Kopi TIMES

Stigma Mantan Narapidana di Lingkungan Masyarakat

Rabu, 24 November 2021 - 17:30 | 282.77k
Rafi Rizaldi, Taruna Politeknik Ilmu Pemasyarakatan.
Rafi Rizaldi, Taruna Politeknik Ilmu Pemasyarakatan.

TIMESINDONESIA, JAKARTA – Membawa gelar mantan narapidana adalah beban tersendiri yang harus ditanggung oleh pelanggar hukum yang telah menjalani masa pidana di Rumah  Tahanan Negara (Rutan) maupun Lembaga Pemasyarakatan (Lapas).

Stigma mantan narapidana muncul dari masyarakat yang membuat orang-orang dengan status mantan narapidana sulit beradaptasi dan membuat mereka harus memiliki kekuatan untuk bertahan dari kesulitan serta hambatan yang dihadapi dalam kehidupan sosial. Ironisnya, sedikit orang di masyarakat peduli dengan keberadaan mantan narapidana, atau mengakui keberadaan mereka dalam hubungan sosial dengan kata lain masyarakat bersifat individualistik atau apatis terhadap keberadaan mantan narapidana.

Seolah-olah seorang mantan narapidana yang telah kembali ke masyarakat dianggap orang yang dalam hidupnya akan selalu melakukan kajahatan. Pandangan dari masyarakat tersebut menyebabkan kebanyakan dari mantan narapidana  menarik diri dari kehidupan sosial karena anggapan bahwa mereka dikucilkan oleh sebagian masyarakat, tetapi ada juga mantan narapidana yang sudah tidak peduli dengan  anggapan masyarakat sekitarnya. Entah mereka mau dikucilkan atau tidak itu sudah urusan masyarakat sekitar. 

Stigma negatif yang diterima oleh mantan narapidana merupakan suatu ketidakadilan yang mereka terima. Mantan narapidana telah menerima penghukuman berupa sanksi pidana yang telah mereka jalani di rutan maupun lapas sebagai bentuk penebusan kesalahan yang pernah mereka lakukan.
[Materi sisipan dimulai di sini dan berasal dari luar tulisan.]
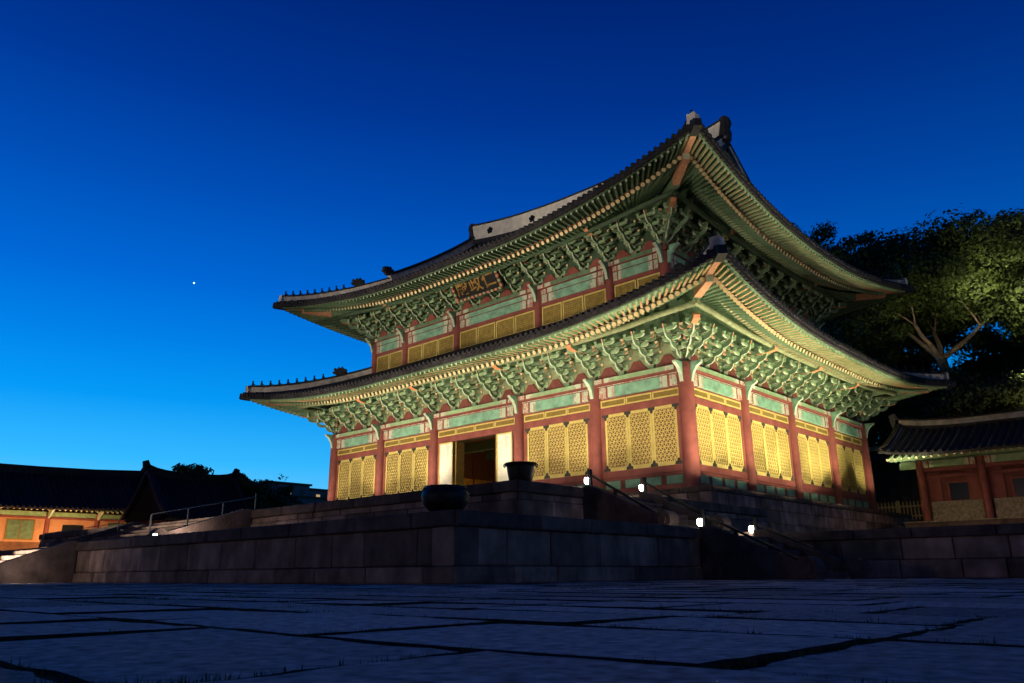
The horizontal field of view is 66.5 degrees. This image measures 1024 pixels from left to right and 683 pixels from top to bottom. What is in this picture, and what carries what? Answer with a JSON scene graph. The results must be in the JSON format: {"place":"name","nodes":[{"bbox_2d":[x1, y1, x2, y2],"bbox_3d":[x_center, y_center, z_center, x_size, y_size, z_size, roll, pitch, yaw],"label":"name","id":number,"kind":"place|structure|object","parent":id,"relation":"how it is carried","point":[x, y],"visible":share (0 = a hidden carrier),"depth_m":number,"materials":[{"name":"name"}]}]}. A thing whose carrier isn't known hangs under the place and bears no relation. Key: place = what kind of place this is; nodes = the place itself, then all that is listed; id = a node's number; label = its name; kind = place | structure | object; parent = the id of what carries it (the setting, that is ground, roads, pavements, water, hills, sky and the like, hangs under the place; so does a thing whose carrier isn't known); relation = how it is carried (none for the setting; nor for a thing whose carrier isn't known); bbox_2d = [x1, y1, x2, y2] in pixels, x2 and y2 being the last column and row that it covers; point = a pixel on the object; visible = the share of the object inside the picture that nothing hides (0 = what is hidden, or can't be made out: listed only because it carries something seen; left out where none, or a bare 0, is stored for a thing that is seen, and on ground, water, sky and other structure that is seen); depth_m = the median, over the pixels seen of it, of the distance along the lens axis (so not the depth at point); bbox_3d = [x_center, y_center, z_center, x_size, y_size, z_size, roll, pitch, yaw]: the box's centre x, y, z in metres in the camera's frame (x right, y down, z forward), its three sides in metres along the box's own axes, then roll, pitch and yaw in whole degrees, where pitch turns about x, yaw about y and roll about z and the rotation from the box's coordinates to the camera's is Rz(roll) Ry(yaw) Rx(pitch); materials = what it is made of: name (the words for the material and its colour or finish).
{"place":"outdoors","nodes":[
{"label":"outdoors","id":0,"kind":"place"},
{"bbox_2d":[0,541,77,582],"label":"stone staircase","id":1,"kind":"structure","parent":0,"point":[55,563],"depth_m":20.68,"materials":[{"name":"stone"}]},
{"bbox_2d":[120,460,249,523],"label":"gate building","id":2,"kind":"structure","parent":0,"point":[158,490],"depth_m":52.67,"materials":[{"name":"tile"}]},
{"bbox_2d":[2,665,763,682],"bbox_3d":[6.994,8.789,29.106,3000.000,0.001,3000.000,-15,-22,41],"label":"ground","id":3,"kind":"structure","parent":0,"point":[57,679],"depth_m":1.15,"materials":[{"name":"grey stone"}]},
{"bbox_2d":[0,463,144,549],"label":"palace corridor","id":4,"kind":"object","parent":3,"relation":"on","point":[36,502],"visible":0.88,"depth_m":53.03,"materials":[{"name":"wood"}]},
{"bbox_2d":[3,519,34,539],"bbox_3d":[-31.794,12.137,50.467,0.090,1.290,1.640,-15,-22,41],"label":"window","id":5,"kind":"structure","parent":4,"relation":"in","point":[15,529],"depth_m":50.44,"materials":[{"name":"green paper"}]},
{"bbox_2d":[62,525,82,531],"bbox_3d":[-29.651,12.975,52.628,0.060,1.150,1.300,-15,-22,41],"label":"window","id":6,"kind":"structure","parent":4,"relation":"in","point":[64,527],"depth_m":52.63,"materials":[{"name":"green glass"}]},
{"bbox_2d":[108,523,126,526],"bbox_3d":[-27.557,13.405,54.813,0.090,1.290,1.640,-15,-22,41],"label":"window","id":7,"kind":"structure","parent":4,"relation":"in","point":[108,523],"depth_m":54.73,"materials":[{"name":"green paint"}]},
{"bbox_2d":[258,480,311,495],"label":"distant house","id":8,"kind":"structure","parent":3,"relation":"on","point":[301,489],"depth_m":172.17,"materials":[{"name":"grey wood"}]},
{"bbox_2d":[273,487,304,494],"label":"window","id":9,"kind":"structure","parent":8,"relation":"in","point":[302,491],"depth_m":172.93,"materials":[{"name":"black glass"}]},
{"bbox_2d":[291,495,326,503],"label":"distant house","id":10,"kind":"structure","parent":3,"relation":"on","point":[307,499],"depth_m":160.39,"materials":[{"name":"grey wood"}]},
{"bbox_2d":[309,488,327,497],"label":"distant house","id":11,"kind":"structure","parent":3,"relation":"on","point":[314,492],"depth_m":178.16,"materials":[{"name":"grey wood"}]},
{"bbox_2d":[0,578,1023,682],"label":"courtyard paving","id":12,"kind":"structure","parent":0,"point":[163,654],"depth_m":1.80,"materials":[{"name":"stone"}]},
{"bbox_2d":[0,509,752,583],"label":"terrace","id":13,"kind":"structure","parent":12,"relation":"on","point":[454,546],"depth_m":13.61,"materials":[{"name":"stone"}]},
{"bbox_2d":[49,509,251,545],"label":"stone staircase","id":14,"kind":"structure","parent":13,"relation":"on","point":[240,518],"depth_m":25.42,"materials":[{"name":"stone"}]},
{"bbox_2d":[41,519,119,547],"bbox_3d":[-15.487,7.085,28.080,0.036,1.450,2.496,-15,-22,41],"label":"stair handrail","id":15,"kind":"object","parent":14,"relation":"on","point":[81,531],"visible":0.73,"depth_m":28.10,"materials":[{"name":"metal"}]},
{"bbox_2d":[148,493,256,533],"bbox_3d":[-9.833,5.663,25.037,0.036,1.820,3.456,-15,-22,41],"label":"stair handrail","id":16,"kind":"object","parent":14,"relation":"on","point":[255,497],"visible":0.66,"depth_m":24.94,"materials":[{"name":"metal"}]},
{"bbox_2d":[38,480,767,547],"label":"terrace","id":17,"kind":"structure","parent":13,"relation":"on","point":[530,498],"depth_m":20.23,"materials":[{"name":"stone"}]},
{"bbox_2d":[503,461,537,480],"bbox_3d":[0.207,3.083,18.240,0.784,0.475,0.771,-15,-22,41],"label":"iron cauldron","id":18,"kind":"object","parent":17,"relation":"on","point":[520,470],"visible":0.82,"depth_m":18.00,"materials":[{"name":"black metal"}]},
{"bbox_2d":[239,110,956,509],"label":"palace hall","id":19,"kind":"structure","parent":17,"relation":"on","point":[657,314],"depth_m":36.78,"materials":[{"name":"green paint"}]},
{"bbox_2d":[450,270,503,302],"bbox_3d":[-1.934,-3.005,41.566,3.480,1.084,0.784,-15,-22,41],"label":"name board","id":20,"kind":"object","parent":19,"relation":"hanging from","point":[485,282],"visible":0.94,"depth_m":41.53,"materials":[{"name":"black wood"}]},
{"bbox_2d":[421,484,468,510],"bbox_3d":[-1.056,2.511,12.363,0.770,0.425,0.770,-15,-22,41],"label":"iron cauldron","id":21,"kind":"object","parent":13,"relation":"on","point":[438,497],"visible":0.84,"depth_m":12.09,"materials":[{"name":"black metal"}]},
{"bbox_2d":[582,485,731,530],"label":"stone staircase","id":22,"kind":"structure","parent":13,"relation":"on","point":[599,503],"depth_m":18.55,"materials":[{"name":"stone"}]},
{"bbox_2d":[588,469,655,512],"bbox_3d":[2.714,3.884,18.160,2.250,2.010,0.070,-15,-22,41],"label":"stair handrail","id":23,"kind":"object","parent":22,"relation":"on","point":[591,476],"visible":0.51,"depth_m":18.51,"materials":[{"name":"black metal"}]},
{"bbox_2d":[642,477,700,513],"bbox_3d":[4.327,4.367,19.814,2.250,2.010,0.070,-15,-22,41],"label":"stair handrail","id":24,"kind":"object","parent":22,"relation":"on","point":[669,497],"visible":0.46,"depth_m":20.20,"materials":[{"name":"black metal"}]},
{"bbox_2d":[699,526,871,579],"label":"stone staircase","id":25,"kind":"structure","parent":12,"relation":"on","point":[727,555],"depth_m":15.79,"materials":[{"name":"stone"}]},
{"bbox_2d":[701,509,798,559],"bbox_3d":[4.824,4.193,15.556,2.190,1.800,0.070,-15,-22,41],"label":"stair handrail","id":26,"kind":"object","parent":25,"relation":"attached to","point":[737,532],"visible":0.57,"depth_m":15.84,"materials":[{"name":"black metal"}]},
{"bbox_2d":[697,517,701,525],"bbox_3d":[3.973,3.802,16.499,0.136,0.200,0.133,-15,-22,41],"label":"rail lamp","id":27,"kind":"object","parent":26,"relation":"attached to","point":[699,521],"visible":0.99,"depth_m":16.45,"materials":[{"name":"beige plastic"}]},
{"bbox_2d":[753,517,831,555],"bbox_3d":[6.414,4.734,17.228,2.170,1.780,0.070,-15,-22,41],"label":"stair handrail","id":28,"kind":"object","parent":25,"relation":"attached to","point":[755,525],"visible":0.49,"depth_m":17.73,"materials":[{"name":"black metal"}]},
{"bbox_2d":[749,524,753,532],"bbox_3d":[5.571,4.351,18.163,0.136,0.200,0.133,-15,-22,41],"label":"rail lamp","id":29,"kind":"object","parent":28,"relation":"attached to","point":[751,528],"visible":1,"depth_m":18.12,"materials":[{"name":"beige"}]},
{"bbox_2d":[0,0,1023,488],"label":"sky","id":30,"kind":"structure","parent":0,"point":[250,153],"materials":[{"name":"blue"}]},
{"bbox_2d":[617,485,915,532],"bbox_3d":[4.698,11.112,44.192,27.565,2.065,22.525,-15,-22,41],"label":"hall stone base","id":31,"kind":"object","parent":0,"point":[786,514],"visible":0.23,"depth_m":32.30,"materials":[{"name":"stone"}]},
{"bbox_2d":[782,523,1023,577],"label":"retaining wall","id":32,"kind":"structure","parent":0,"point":[982,551],"depth_m":16.62,"materials":[{"name":"stone"}]},
{"bbox_2d":[869,444,923,519],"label":"roofed wall","id":33,"kind":"structure","parent":32,"relation":"on","point":[893,483],"depth_m":47.36,"materials":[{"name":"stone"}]},
{"bbox_2d":[877,500,923,521],"bbox_3d":[21.684,10.369,43.429,4.100,2.930,1.200,-15,-22,41],"label":"picket fence","id":34,"kind":"object","parent":32,"relation":"on","point":[897,506],"visible":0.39,"depth_m":43.20,"materials":[{"name":"wood"}]},
{"bbox_2d":[878,409,1023,527],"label":"corridor pavilion","id":35,"kind":"structure","parent":32,"relation":"on","point":[969,469],"depth_m":36.86,"materials":[{"name":"wood"}]},
{"bbox_2d":[947,480,971,500],"bbox_3d":[21.172,7.068,36.958,0.950,0.940,0.120,-15,-22,41],"label":"window","id":36,"kind":"structure","parent":35,"relation":"in","point":[957,490],"depth_m":36.96,"materials":[{"name":"black glass"}]},
{"bbox_2d":[1010,476,1023,496],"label":"window","id":37,"kind":"structure","parent":35,"relation":"in","point":[1017,482],"depth_m":35.38,"materials":[{"name":"black glass"}]},
{"bbox_2d":[918,367,1023,418],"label":"tree","id":38,"kind":"object","parent":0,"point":[985,397],"visible":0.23,"depth_m":46.57,"materials":[{"name":"green plant"}]},
{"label":"hillside","id":39,"kind":"structure","parent":0,"visible":0},
{"bbox_2d":[792,219,876,267],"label":"tree","id":40,"kind":"object","parent":39,"relation":"on","point":[822,232],"visible":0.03,"depth_m":79.53,"materials":[{"name":"green plant"}]},
{"bbox_2d":[821,322,936,439],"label":"tree","id":41,"kind":"object","parent":39,"relation":"on","point":[900,358],"visible":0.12,"depth_m":65.88,"materials":[{"name":"green plant"}]},
{"bbox_2d":[819,261,988,405],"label":"tree","id":42,"kind":"object","parent":39,"relation":"on","point":[942,337],"visible":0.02,"depth_m":70.27,"materials":[{"name":"green plant"}]},
{"bbox_2d":[863,393,952,445],"bbox_3d":[25.795,7.340,55.286,10.975,12.600,11.090,-15,-22,41],"label":"tree","id":43,"kind":"object","parent":39,"relation":"on","point":[881,426],"visible":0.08,"depth_m":53.64,"materials":[{"name":"green plant"}]},
{"bbox_2d":[815,203,1023,397],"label":"tree","id":44,"kind":"object","parent":39,"relation":"on","point":[944,257],"visible":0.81,"depth_m":55.05,"materials":[{"name":"green plant"}]},
{"bbox_2d":[918,327,1023,417],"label":"tree","id":45,"kind":"object","parent":39,"relation":"on","point":[987,364],"visible":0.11,"depth_m":63.20,"materials":[{"name":"green plant"}]},
{"bbox_2d":[936,211,1023,357],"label":"tree","id":46,"kind":"object","parent":39,"relation":"on","point":[1015,317],"visible":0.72,"depth_m":55.60,"materials":[{"name":"green plant"}]},
{"bbox_2d":[936,208,1023,367],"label":"tree","id":47,"kind":"object","parent":39,"relation":"on","point":[952,343],"visible":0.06,"depth_m":69.57,"materials":[{"name":"green plant"}]},
{"bbox_2d":[990,326,1023,382],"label":"tree","id":48,"kind":"object","parent":39,"relation":"on","point":[1014,366],"visible":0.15,"depth_m":59.33,"materials":[{"name":"green plant"}]},
{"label":"hillside","id":49,"kind":"structure","parent":0,"visible":0},
{"bbox_2d":[171,462,213,474],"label":"tree","id":50,"kind":"object","parent":49,"relation":"on","point":[191,468],"visible":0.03,"depth_m":99.36,"materials":[{"name":"green plant"}]},
{"bbox_2d":[237,472,275,508],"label":"tree","id":51,"kind":"object","parent":49,"relation":"on","point":[249,488],"visible":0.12,"depth_m":102.67,"materials":[{"name":"green plant"}]},
{"bbox_2d":[247,489,298,509],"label":"tree","id":52,"kind":"object","parent":49,"relation":"on","point":[276,498],"visible":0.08,"depth_m":107.95,"materials":[{"name":"green plant"}]},
{"bbox_2d":[254,474,295,499],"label":"tree","id":53,"kind":"object","parent":49,"relation":"on","point":[287,490],"visible":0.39,"depth_m":110.77,"materials":[{"name":"green plant"}]}
]}

Penebusan tersebut sudah seperti tindakan membayar hutang kepada pemberi hutang.

Oleh sebab itu, ketika mantan narapidana telah selesai menjalani masa hukuman, harusnya mereka diperlakukan sebagai orang yang merdeka seperti pembayar hutang yang telah melunasi hutangnya. Apabila mantan narapidana tidak diperlakukan secara adil sebagai warga masyarakat yang telah menebus kesalahan, maka akibat yang paling buruk adalah terjadinya pengulangan tindakan kriminal (residivis).

Kondisi tersebut sesuai dengan temuan penelitian Bonta dan Andrews (2017), bahwa pengulangan kejahatan yang dilakukan oleh mantan narapidana disebabkan teman antisosial (dukungan sosial dari teman-teman dengan sikap antisosial dan/ atau yang terlibat dalam kegiatan kriminal), keluarga/hubungan (kurangnya dukungan sosial anggota keluarga dan atau hubungan yang penuh konflik dan kekerasan dengan pasangan) dan sekolah/kerja (kualitas hubungan interpersonal di sekolah atau pekerjaan dan kinerja rendah dan keterlibatan).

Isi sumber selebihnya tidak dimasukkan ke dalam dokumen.